Casos assintomáticos de covid-19: 44. O resultado poderia soar normal se o número viesse de uma cidade da Coreia do Sul, por exemplo, um dos países que mais realizam testes para diagnóstico da doença. Mas o dado é de Rio Casca, município brasileiro da Zona da Mata, em Minas Gerais, um dos Estados do País que menos fazem exames para identificação do novo coronavírus, e que tem como estratégia central na pandemia testar somente pacientes que apresentam sintomas que podem ser de covid-19, ou mortes suspeitas de terem ocorrido pela doença.
Mas o que indica o comportamento da prefeitura de Rio Casca, um pequeno município de aproximadamente 15 mil habitantes às margens da BR-262, a 200 quilômetros da capital?

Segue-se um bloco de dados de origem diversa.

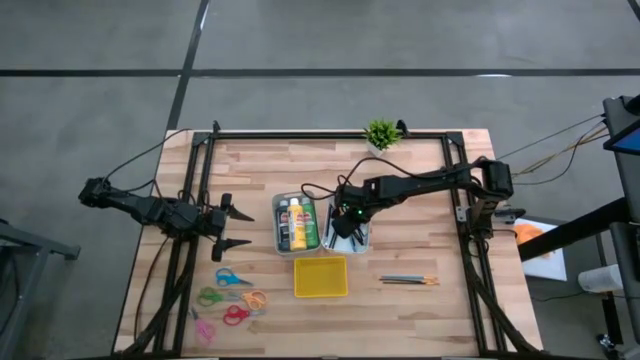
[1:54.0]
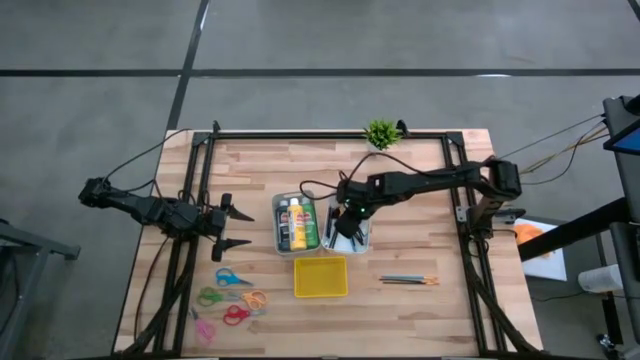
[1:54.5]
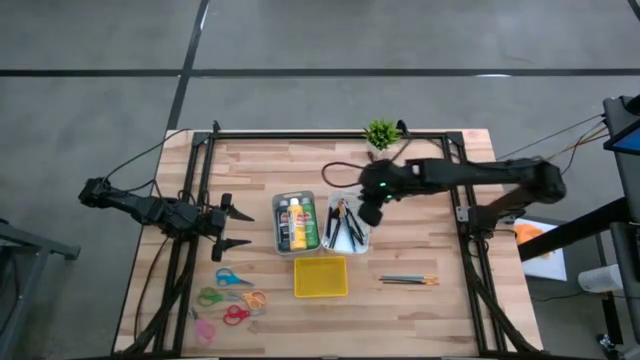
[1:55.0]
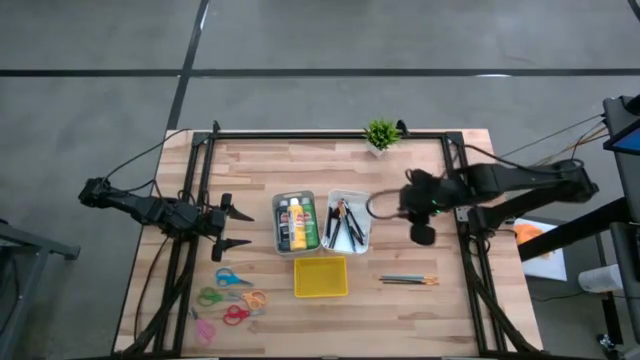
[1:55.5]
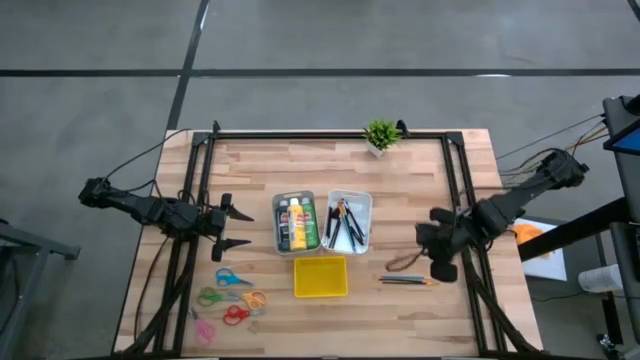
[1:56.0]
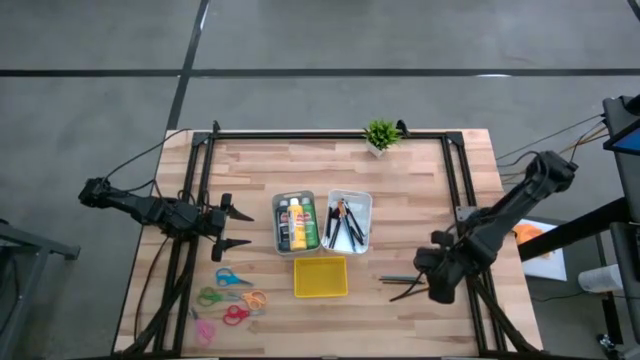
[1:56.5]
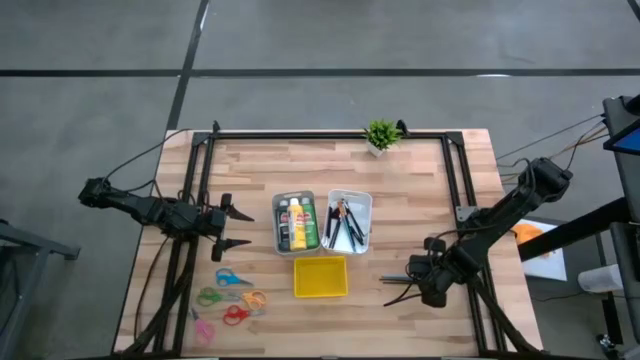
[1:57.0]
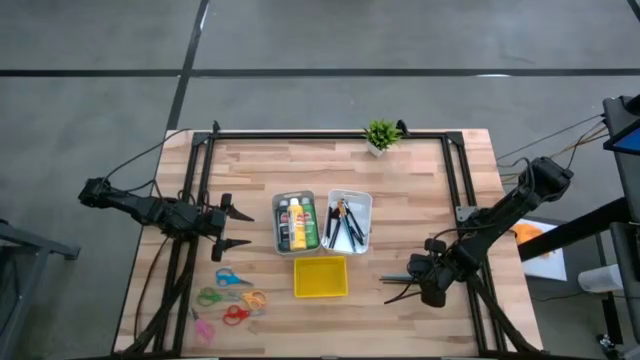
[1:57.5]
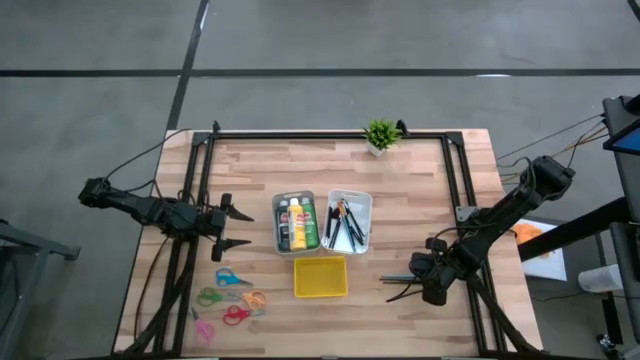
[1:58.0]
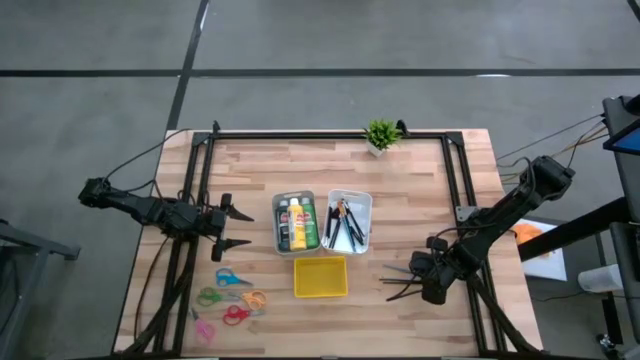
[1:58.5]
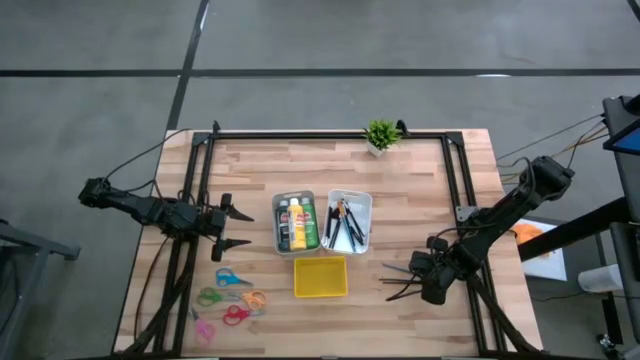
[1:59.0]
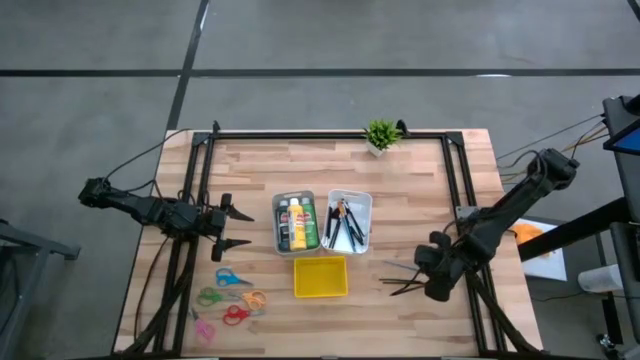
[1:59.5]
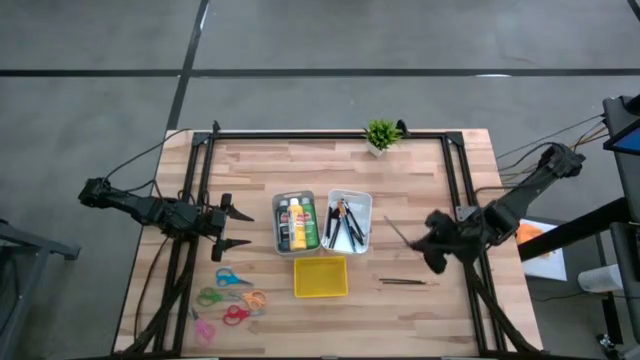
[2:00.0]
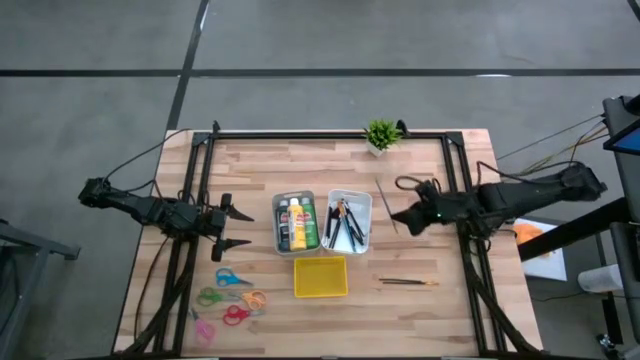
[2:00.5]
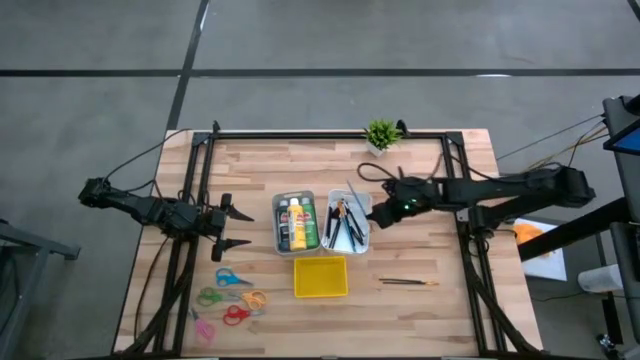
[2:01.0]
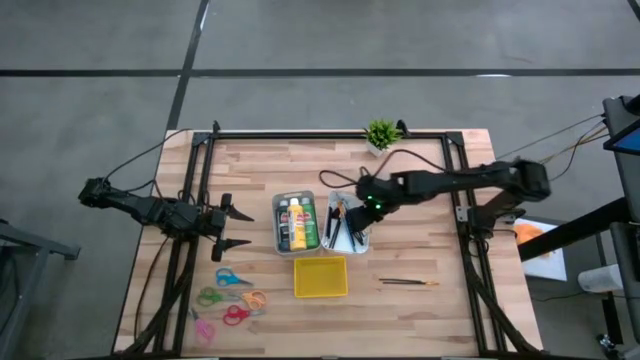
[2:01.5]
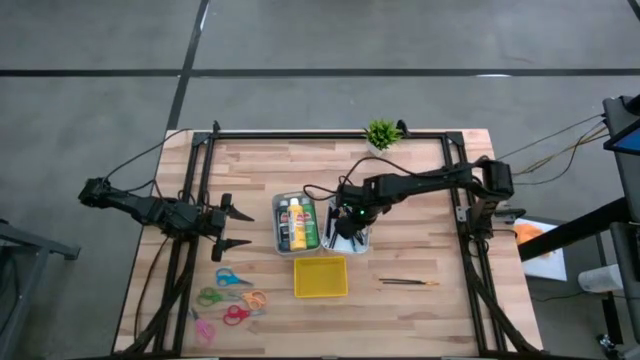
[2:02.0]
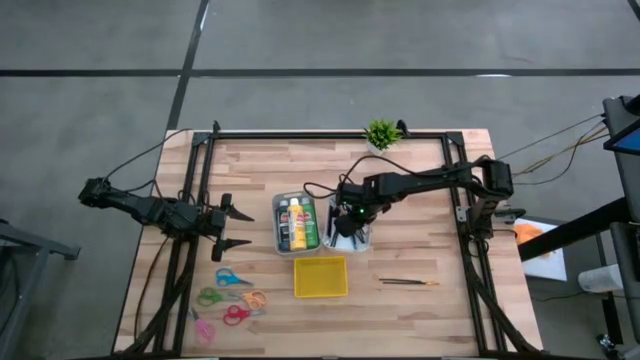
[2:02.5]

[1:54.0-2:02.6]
Task: Pick & Place Paint Supplies
Put the gold paint brush into the white bin

Resposta: uma total falta de entrosamento entre prefeitos e o governo estadual, o que pode explicar a profunda alteração no cenário da pandemia em Minas, que numa lufada passou de Estado considerado eficaz no combate ao vírus a suspeito de práticas que falham em evitar a propagação da doença.

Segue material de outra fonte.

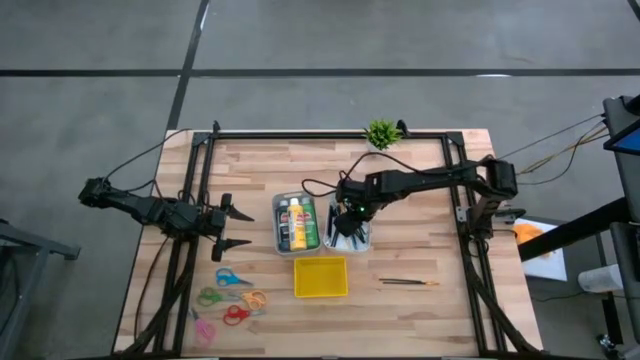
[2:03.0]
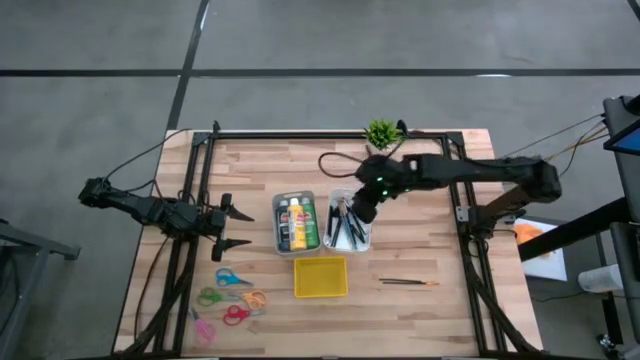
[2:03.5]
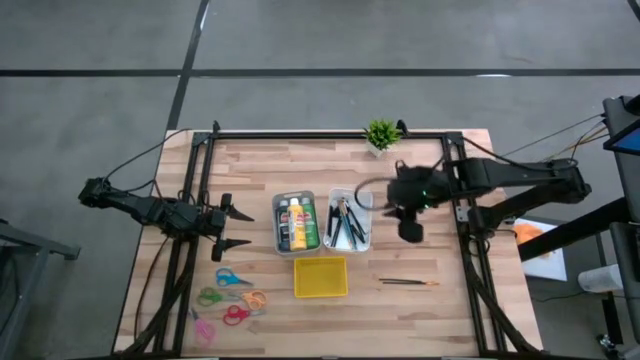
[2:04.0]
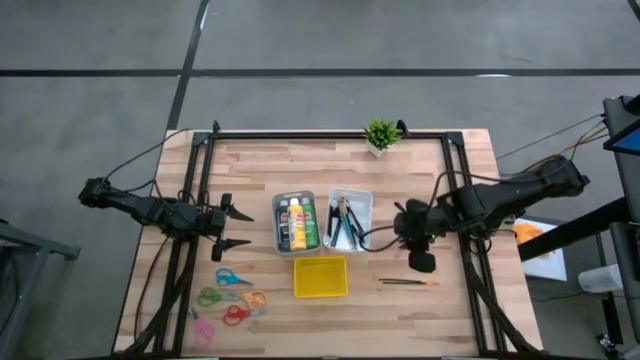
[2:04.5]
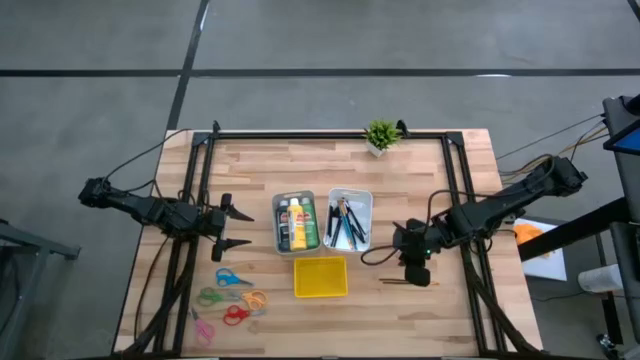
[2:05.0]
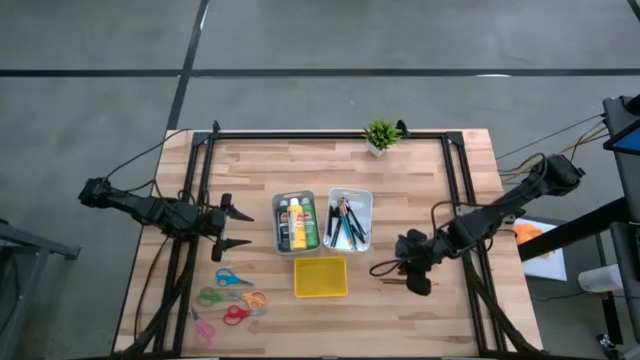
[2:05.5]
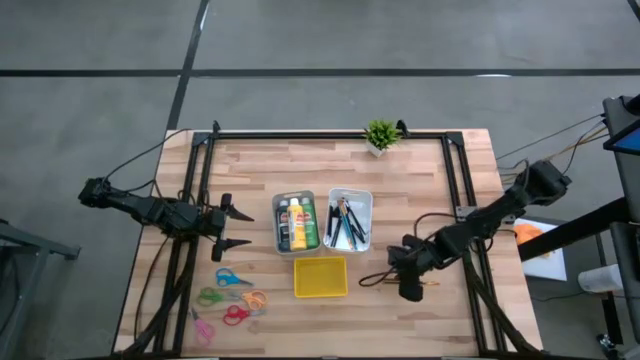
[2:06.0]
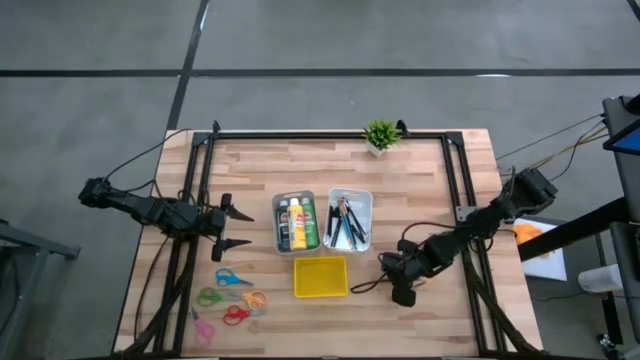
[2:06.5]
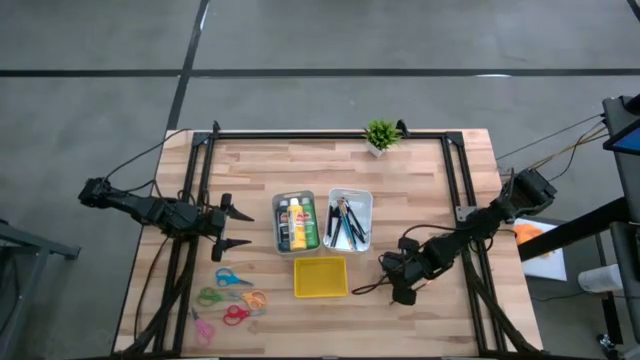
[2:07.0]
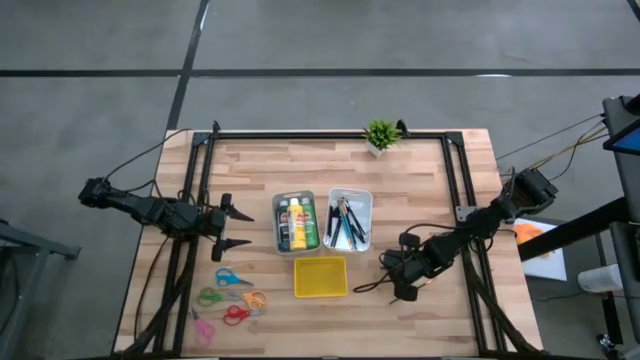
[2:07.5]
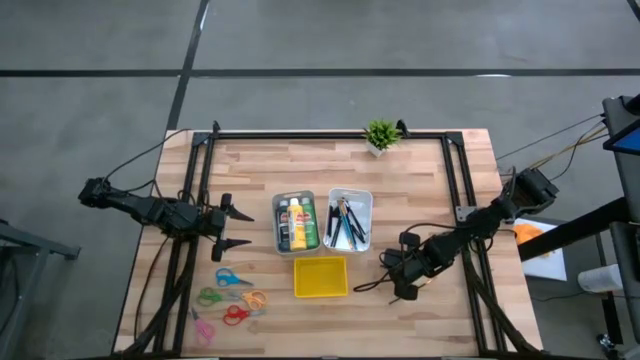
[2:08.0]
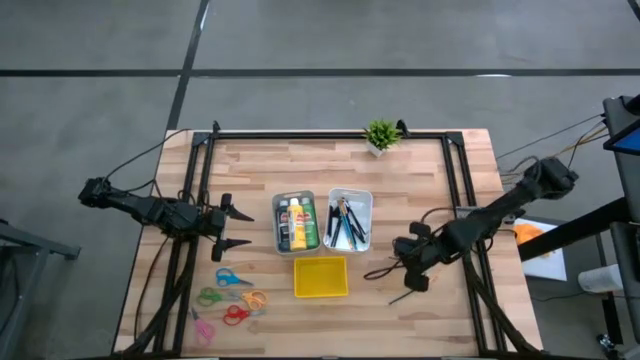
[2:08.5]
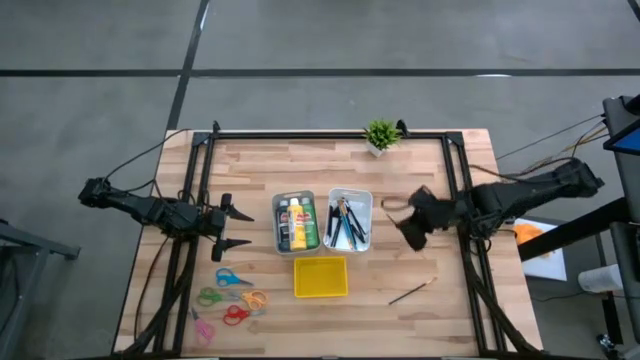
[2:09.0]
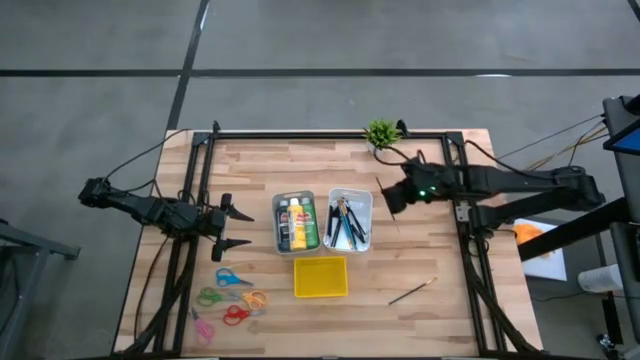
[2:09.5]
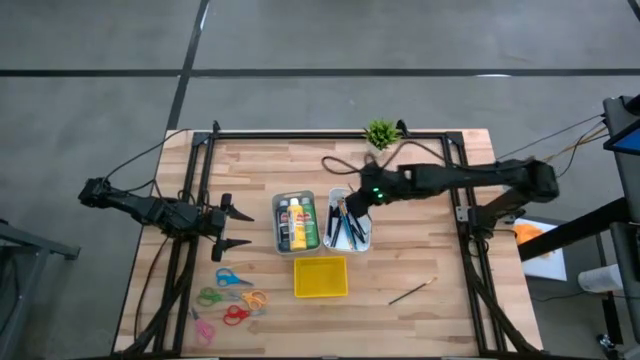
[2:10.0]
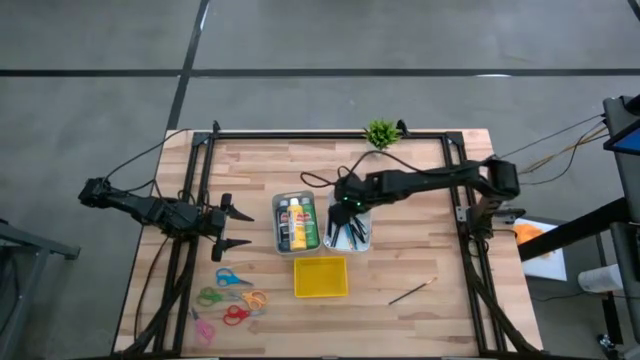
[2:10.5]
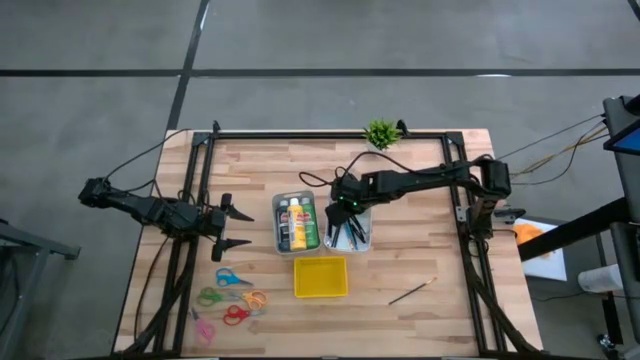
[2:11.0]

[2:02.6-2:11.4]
Put the gold paint brush into the white bin

O governo mineiro enfrenta até hoje surtos de covid-19 dentro da pandemia e registrou o primeiro caso de presidiário morto pela doença. Há ainda mais de duas mil mortes por síndrome respiratória aguda grave (SRAG) sem identificação do vírus causador dos óbitos.
O quadro em Minas piorou desde que o governo do Estado e prefeituras passaram a anunciar programas de retomada das atividades econômicas, estratégias também descoladas entre municípios e o Palácio Tiradentes. Pelo seu lado, o governo de Romeu Zema (Novo) criou o programa “Minas Consciente”, que estabelece critérios para o avanço na liberação de comércio e indústria. Dos 853 municípios do Estado, até o momento, apenas 155 aderiram ao programa. A maior, entre as que participam, Juiz de Fora, com 568 mil habitantes.
Os principais municípios do Estado, Belo Horizonte, Uberlândia, Contagem e Betim, não aderiram ao Minas Consciente, e adotaram medidas próprias de reabertura. Independente disso, fora ou dentro do programa, houve recuos ou paralisação nos movimentos de abertura depois do registro do aumento de casos após a liberação de setores da economia em cidades como a capital, Uberlândia e Betim.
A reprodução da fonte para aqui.